"Schicksalsfrage": Flüchtlingspolitik Gabriel sieht soziale Stabilität in Gefahr
08.09.2016, 10:14 Uhr
SPD-Chef Sigmar Gabriel warnt angesichts der Flüchtlingskrise vor einer sozialen Schieflage im Land.
(Foto: imago/IPON)
In der Flüchtlingskrise darf es nicht nur um die Flüchtlinge gehen, meint SPD-Chef Sigmar Gabriel - und warnt erneut davor, die Sorgen der Bürger nicht ernst zu nehmen. Nicht seine Sticheleien gegen Merkel seien der Nährboden für Rechtspopulisten, sondern "unhaltbare Wahlversprechen".
Bundeswirtschaftsminister und Vize-Kanzler Sigmar Gabriel hat den Erhalt der sozialen Stabilität im Land als "Schicksalsfrage" für Deutschland bezeichnet. In der Flüchtlingskrise hätten die Menschen, die in Deutschland Schutz suchten, Solidarität verdient. "Aber nicht nur die. Konkurrenz am Arbeitsmarkt, am Wohnungsmarkt, Sorgen um die Qualität der Schulen, Sorgen um Kriminalität in schwierigen Stadtteilen - das betrifft vor allem die in Deutschland, die nicht viel Geld haben", sagte der SPD-Politiker im Bundestag und wies Kritik zurück, so eine Neiddebatte anzustoßen. "Darauf hinzuweisen, heißt nicht, den Rechtspopulisten nach dem Mund zu reden."
Gabriel reagierte damit auf die anhaltende Kritik an seinem Vorgehen in der Flüchtlingsfrage. Weil der SPD-Vorsitzende immer wieder gegen den Kurs von Bundeskanzlerin Angela Merkel gestichelt hatte, war er sowohl aus den Reihen der Opposition als auch innerhalb der Großen Koalition scharf kritisiert worden. Gabriels Forderung nach mehr Geld für Kita-Plätze, den sozialen Wohnungsbau und Rentner hatte vor allem im Bundesfinanzministerium für heftige Abwehrreaktionen gesorgt.

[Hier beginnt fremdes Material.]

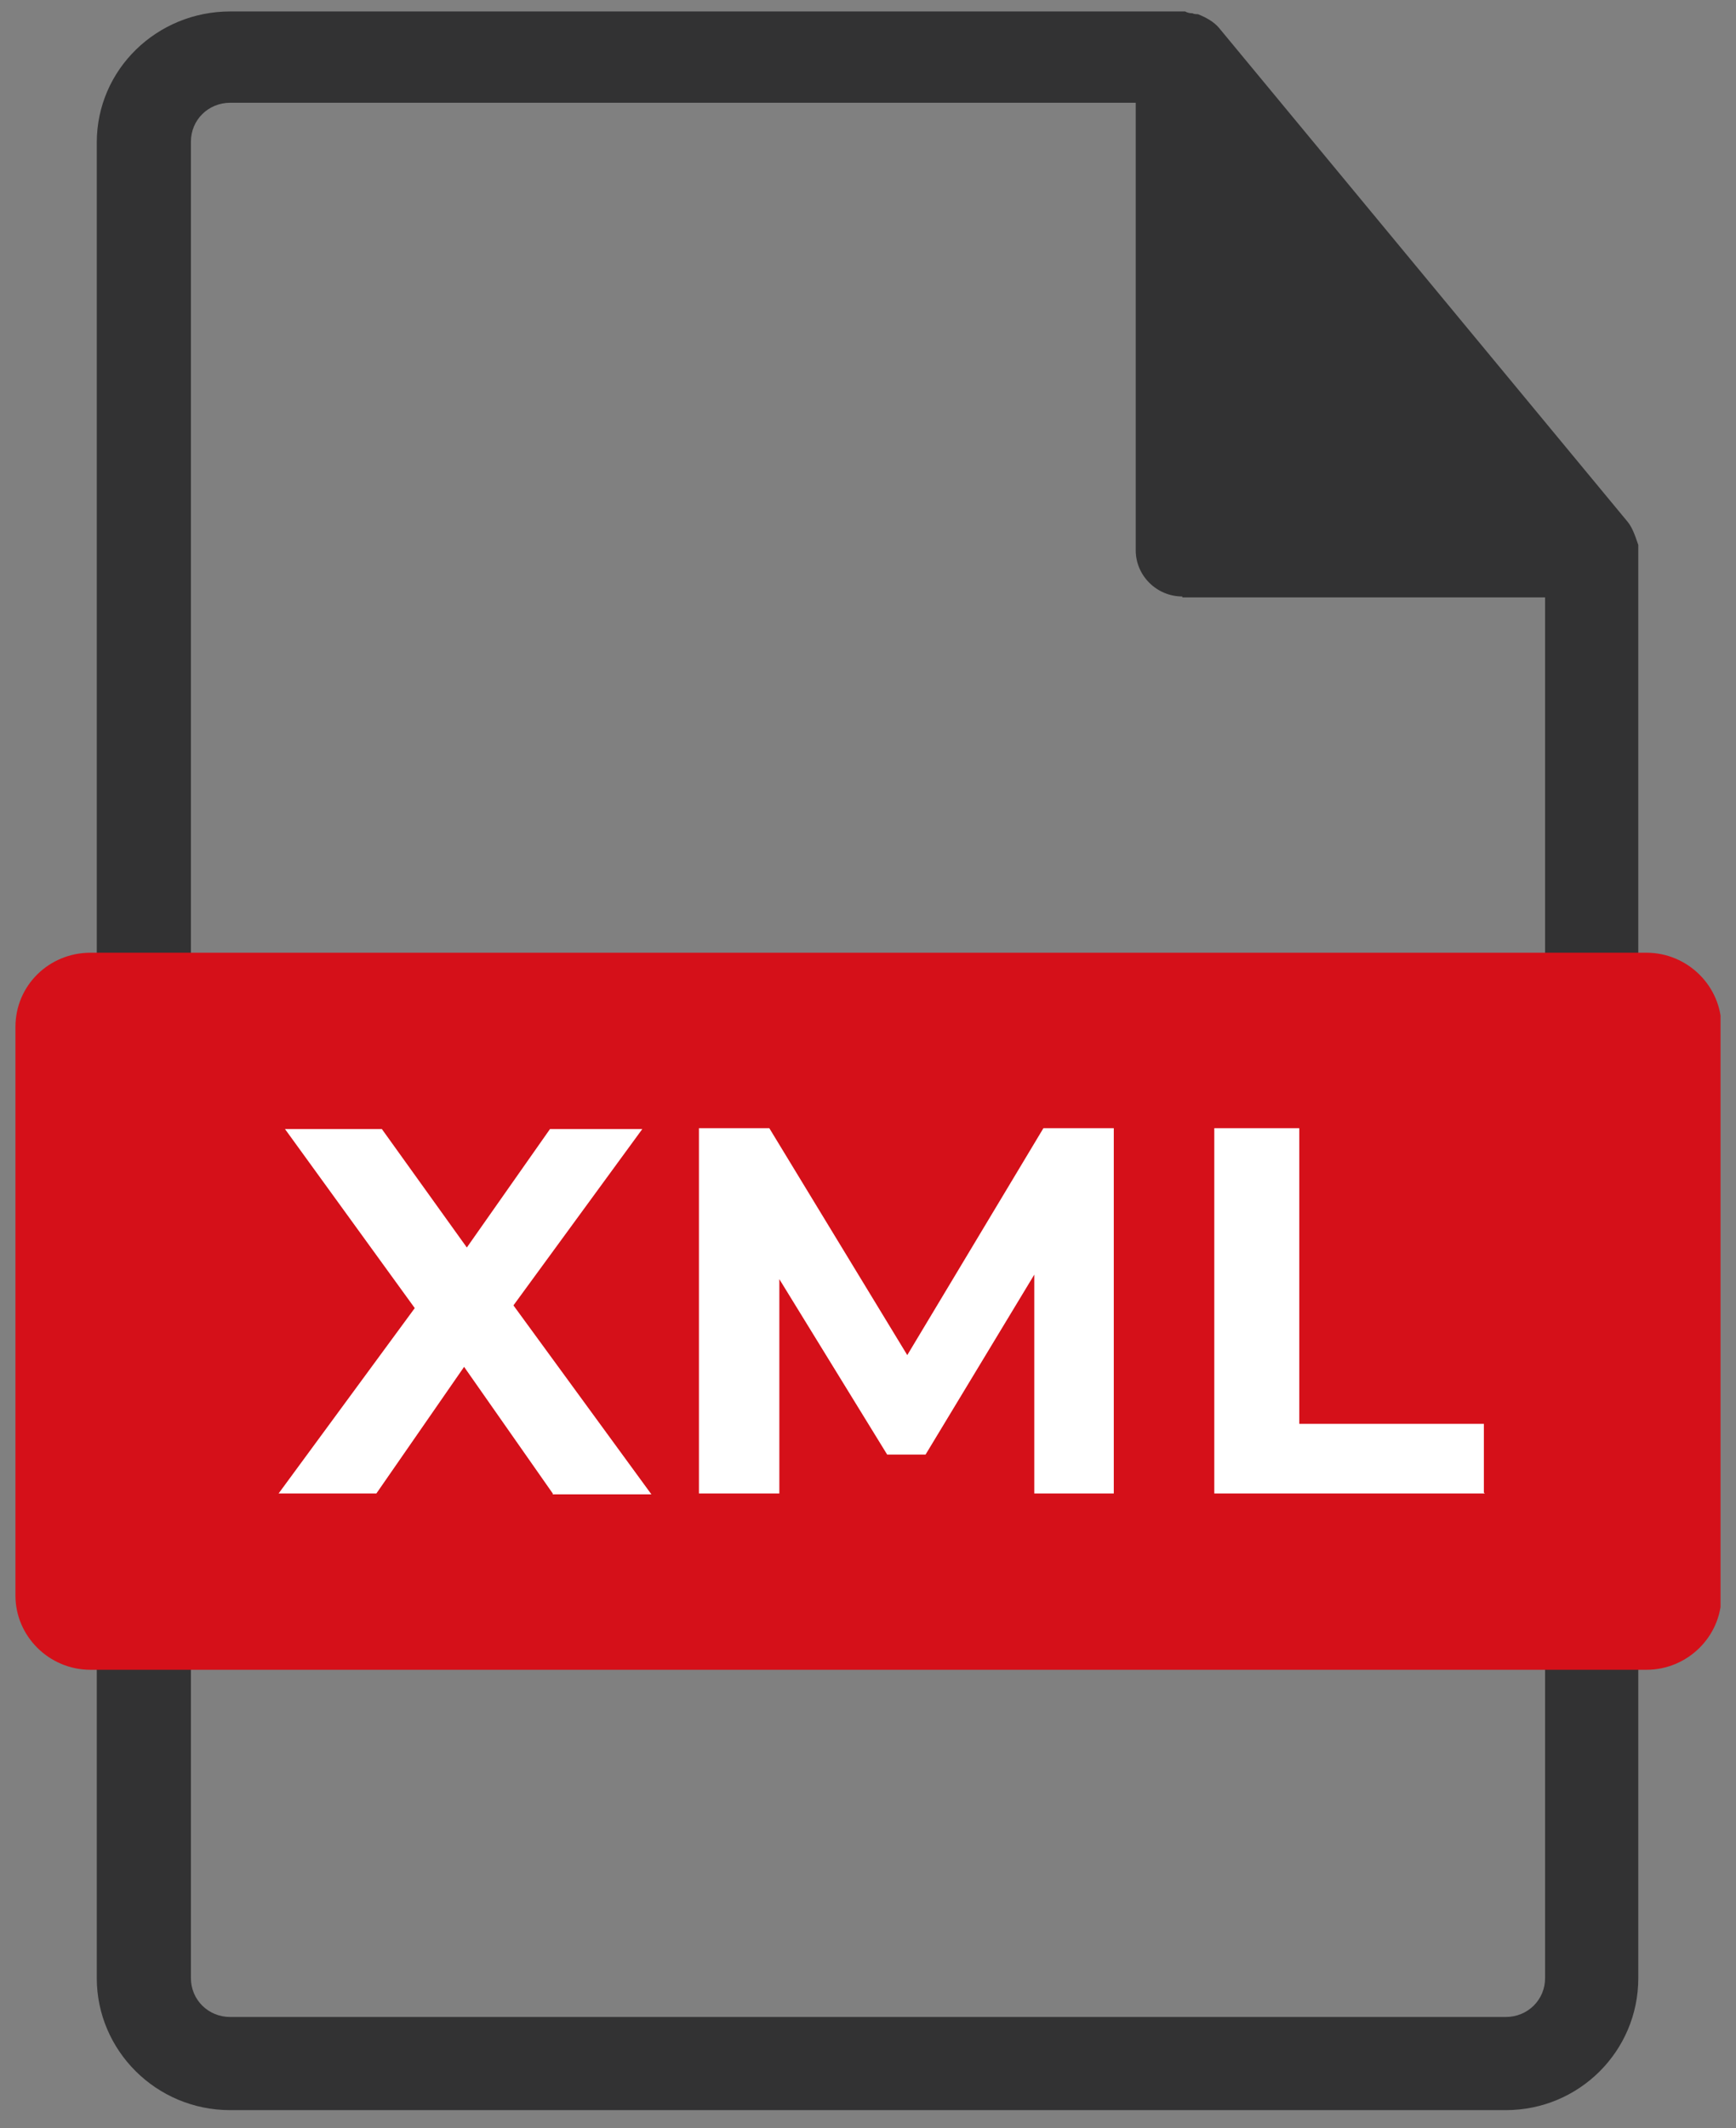 <svg xmlns="http://www.w3.org/2000/svg" width="71" height="87" viewBox="0 0 71 87" fill="none"><rect x="0" y="0" width="71" height="87" fill="#808080" stroke="none"/><g id="Modo_de_aislamiento" clip-path="url(#clip0_486_651)"><path id="Vector" d="M63.192 45.23H8.48V63.896H63.192V45.23Z" fill="white"></path><g id="Group"><path id="Vector_2" d="M3.958 5.79V80.862C3.958 83.819 6.387 86.259 9.414 86.259H61.585C64.575 86.259 67.004 83.856 67.004 80.862V22.276C66.854 21.832 66.742 21.537 66.555 21.315L49.85 1.133C49.663 0.911 49.364 0.727 48.991 0.579C48.916 0.579 48.841 0.579 48.767 0.542C48.617 0.542 48.542 0.505 48.468 0.468H9.414C6.425 0.468 3.958 2.833 3.958 5.827V5.79ZM48.355 24.42H63.192V80.862C63.192 81.749 62.482 82.451 61.585 82.451H9.414C8.518 82.451 7.808 81.749 7.808 80.862V5.79C7.808 4.903 8.518 4.201 9.414 4.201H46.45V22.498C46.45 23.533 47.309 24.383 48.355 24.383V24.42Z" fill="#323233"></path><path id="Vector_3" d="M67.34 38.946H3.696C2.015 38.946 0.632 40.277 0.632 41.977V65.227C0.632 66.89 2.015 68.258 3.696 68.258H67.34C69.022 68.258 70.404 66.89 70.404 65.227V41.977C70.404 40.314 69.022 38.946 67.34 38.946ZM22.606 61.05L18.981 55.875L15.394 61.05H11.395L16.963 53.473L11.656 46.154H15.618L19.093 50.996L22.494 46.154H26.269L20.999 53.362L26.642 61.087H22.606V61.05ZM42.301 61.05V52.105L37.854 59.461H36.284L31.874 52.29V61.05H28.586V46.117H31.463L37.106 55.395L42.675 46.117H45.552V61.05H42.338H42.301ZM60.725 61.05H49.663V46.117H53.139V58.204H60.688V61.013L60.725 61.05Z" fill="#D51019"></path></g></g><defs><clipPath id="clip0_486_651"><rect width="69.735" height="85.828" fill="white" transform="translate(0.632 0.431)"></rect></clipPath></defs></svg>

Der Ruf nach mehr Geld könne "nicht die Meinung eines Vizekanzlers sein, sondern vielleicht die eines SPD-Wahlkämpfers", hatte Bundesfinanzminister Wolfgang Schäuble gekontert. "Wenn wir Flüchtlingen - Menschen, die in bitterer Not sind - nur noch helfen dürfen, wenn wir anderen, die nicht in so bitterer Not sind, das Gleiche geben oder mehr, dann ist das erbarmungswürdig". Ein Vorwurf, den Gabriel nicht auf sich sitzen lassen will. Im Bundestag sagte er, dies sei nicht "erbarmungswürdig", sondern der "einzige Weg, um die Gesellschaft zusammenzuhalten".
Erneut mahnte der SPD-Chef, es gebe Grenzen dafür, wie viele Menschen Deutschland aufnehmen könne. Den Begriff "Obergrenze" umging er diesmal und sagte stattdessen, entscheidend sei "das Maß, in dem wir fähig und in der Lage sind, den Zusammenhalt aller zu sichern".
Gabriel lehnt Steuersenkung ab
Die vom Finanzminister angekündigte Steuerentlastung lehnte Gabriel klar ab. Denn diese summiere sich zusammen mit anderen Versprechen auf 40 Milliarden Euro. "Mal ganz offen, wer soll das eigentlich glauben?" Notwendig seien die gezielte Entlastung von mittleren und kleinen Einkommen und Investitionen in die Volkswirtschaft, auch um Kitas und das Bildungssystem angesichts der hohen Flüchtlingszahlen zu stützen.
Um etwa Alleinerziehenden zu helfen, böten sich laut Gabriel Entlastungen bei den Sozialabgaben eher an als bei den Steuern. Schäuble und Unionsfraktionschef Volker Kauder hatten den Spielraum für Steuersenkungen nach der Bundestagswahl 2017 auf jährlich 15 Milliarden Euro beziffert. Zu Entlastungen sagte Gabriel, man solle diese nicht vor Wahlen ankündigen, "sondern wenn möglich vor Wahlen machen". Der Minister warnte, dass unhaltbare Wahlversprechen den Rechtspopulisten weiteren Nährboden böten.